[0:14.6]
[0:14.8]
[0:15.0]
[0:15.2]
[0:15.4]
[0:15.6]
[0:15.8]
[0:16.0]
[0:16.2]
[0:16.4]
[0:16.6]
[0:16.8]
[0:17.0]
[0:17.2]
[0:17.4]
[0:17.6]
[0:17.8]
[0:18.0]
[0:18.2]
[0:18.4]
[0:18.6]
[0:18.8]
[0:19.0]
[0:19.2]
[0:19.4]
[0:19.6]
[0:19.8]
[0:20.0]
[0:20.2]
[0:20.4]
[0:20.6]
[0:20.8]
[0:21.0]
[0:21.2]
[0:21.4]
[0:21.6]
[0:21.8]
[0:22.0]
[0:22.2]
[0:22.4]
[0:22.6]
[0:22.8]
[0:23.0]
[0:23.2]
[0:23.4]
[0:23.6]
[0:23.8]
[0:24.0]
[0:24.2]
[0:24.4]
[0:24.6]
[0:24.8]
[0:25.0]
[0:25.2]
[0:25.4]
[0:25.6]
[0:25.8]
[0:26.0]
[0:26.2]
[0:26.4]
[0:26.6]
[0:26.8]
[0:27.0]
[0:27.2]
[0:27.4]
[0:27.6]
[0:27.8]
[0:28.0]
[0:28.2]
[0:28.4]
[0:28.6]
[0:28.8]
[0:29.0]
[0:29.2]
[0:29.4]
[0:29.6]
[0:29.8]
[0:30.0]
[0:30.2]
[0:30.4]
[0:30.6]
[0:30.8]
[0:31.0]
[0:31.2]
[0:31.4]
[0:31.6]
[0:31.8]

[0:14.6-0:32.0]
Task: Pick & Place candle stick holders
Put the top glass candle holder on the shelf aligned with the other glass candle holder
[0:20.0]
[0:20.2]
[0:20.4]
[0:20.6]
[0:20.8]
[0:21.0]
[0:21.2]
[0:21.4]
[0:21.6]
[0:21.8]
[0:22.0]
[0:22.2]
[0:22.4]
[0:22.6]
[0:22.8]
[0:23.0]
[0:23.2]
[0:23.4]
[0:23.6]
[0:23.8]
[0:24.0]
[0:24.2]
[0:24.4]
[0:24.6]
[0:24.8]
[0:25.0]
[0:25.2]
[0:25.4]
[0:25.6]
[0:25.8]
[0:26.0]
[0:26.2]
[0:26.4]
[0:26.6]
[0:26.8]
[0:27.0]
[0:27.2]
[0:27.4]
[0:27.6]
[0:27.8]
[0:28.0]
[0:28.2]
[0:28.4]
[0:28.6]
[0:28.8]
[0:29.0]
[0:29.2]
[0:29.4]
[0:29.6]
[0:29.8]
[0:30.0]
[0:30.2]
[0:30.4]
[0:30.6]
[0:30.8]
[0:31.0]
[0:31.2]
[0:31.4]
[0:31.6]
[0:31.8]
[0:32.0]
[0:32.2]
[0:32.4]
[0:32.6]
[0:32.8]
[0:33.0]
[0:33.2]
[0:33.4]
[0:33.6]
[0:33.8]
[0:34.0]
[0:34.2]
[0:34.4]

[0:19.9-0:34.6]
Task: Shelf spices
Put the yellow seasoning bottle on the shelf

===============

Copy the material above, keeping every line exactly as it stands.

[0:14.6]
[0:14.8]
[0:15.0]
[0:15.2]
[0:15.4]
[0:15.6]
[0:15.8]
[0:16.0]
[0:16.2]
[0:16.4]
[0:16.6]
[0:16.8]
[0:17.0]
[0:17.2]
[0:17.4]
[0:17.6]
[0:17.8]
[0:18.0]
[0:18.2]
[0:18.4]
[0:18.6]
[0:18.8]
[0:19.0]
[0:19.2]
[0:19.4]
[0:19.6]
[0:19.8]
[0:20.0]
[0:20.2]
[0:20.4]
[0:20.6]
[0:20.8]
[0:21.0]
[0:21.2]
[0:21.4]
[0:21.6]
[0:21.8]
[0:22.0]
[0:22.2]
[0:22.4]
[0:22.6]
[0:22.8]
[0:23.0]
[0:23.2]
[0:23.4]
[0:23.6]
[0:23.8]
[0:24.0]
[0:24.2]
[0:24.4]
[0:24.6]
[0:24.8]
[0:25.0]
[0:25.2]
[0:25.4]
[0:25.6]
[0:25.8]
[0:26.0]
[0:26.2]
[0:26.4]
[0:26.6]
[0:26.8]
[0:27.0]
[0:27.2]
[0:27.4]
[0:27.6]
[0:27.8]
[0:28.0]
[0:28.2]
[0:28.4]
[0:28.6]
[0:28.8]
[0:29.0]
[0:29.2]
[0:29.4]
[0:29.6]
[0:29.8]
[0:30.0]
[0:30.2]
[0:30.4]
[0:30.6]
[0:30.8]
[0:31.0]
[0:31.2]
[0:31.4]
[0:31.6]
[0:31.8]

[0:14.6-0:32.0]
Task: Pick & Place candle stick holders
Put the top glass candle holder on the shelf aligned with the other glass candle holder
[0:20.0]
[0:20.2]
[0:20.4]
[0:20.6]
[0:20.8]
[0:21.0]
[0:21.2]
[0:21.4]
[0:21.6]
[0:21.8]
[0:22.0]
[0:22.2]
[0:22.4]
[0:22.6]
[0:22.8]
[0:23.0]
[0:23.2]
[0:23.4]
[0:23.6]
[0:23.8]
[0:24.0]
[0:24.2]
[0:24.4]
[0:24.6]
[0:24.8]
[0:25.0]
[0:25.2]
[0:25.4]
[0:25.6]
[0:25.8]
[0:26.0]
[0:26.2]
[0:26.4]
[0:26.6]
[0:26.8]
[0:27.0]
[0:27.2]
[0:27.4]
[0:27.6]
[0:27.8]
[0:28.0]
[0:28.2]
[0:28.4]
[0:28.6]
[0:28.8]
[0:29.0]
[0:29.2]
[0:29.4]
[0:29.6]
[0:29.8]
[0:30.0]
[0:30.2]
[0:30.4]
[0:30.6]
[0:30.8]
[0:31.0]
[0:31.2]
[0:31.4]
[0:31.6]
[0:31.8]
[0:32.0]
[0:32.2]
[0:32.4]
[0:32.6]
[0:32.8]
[0:33.0]
[0:33.2]
[0:33.4]
[0:33.6]
[0:33.8]
[0:34.0]
[0:34.2]
[0:34.4]

[0:19.9-0:34.6]
Task: Shelf spices
Put the yellow seasoning bottle on the shelf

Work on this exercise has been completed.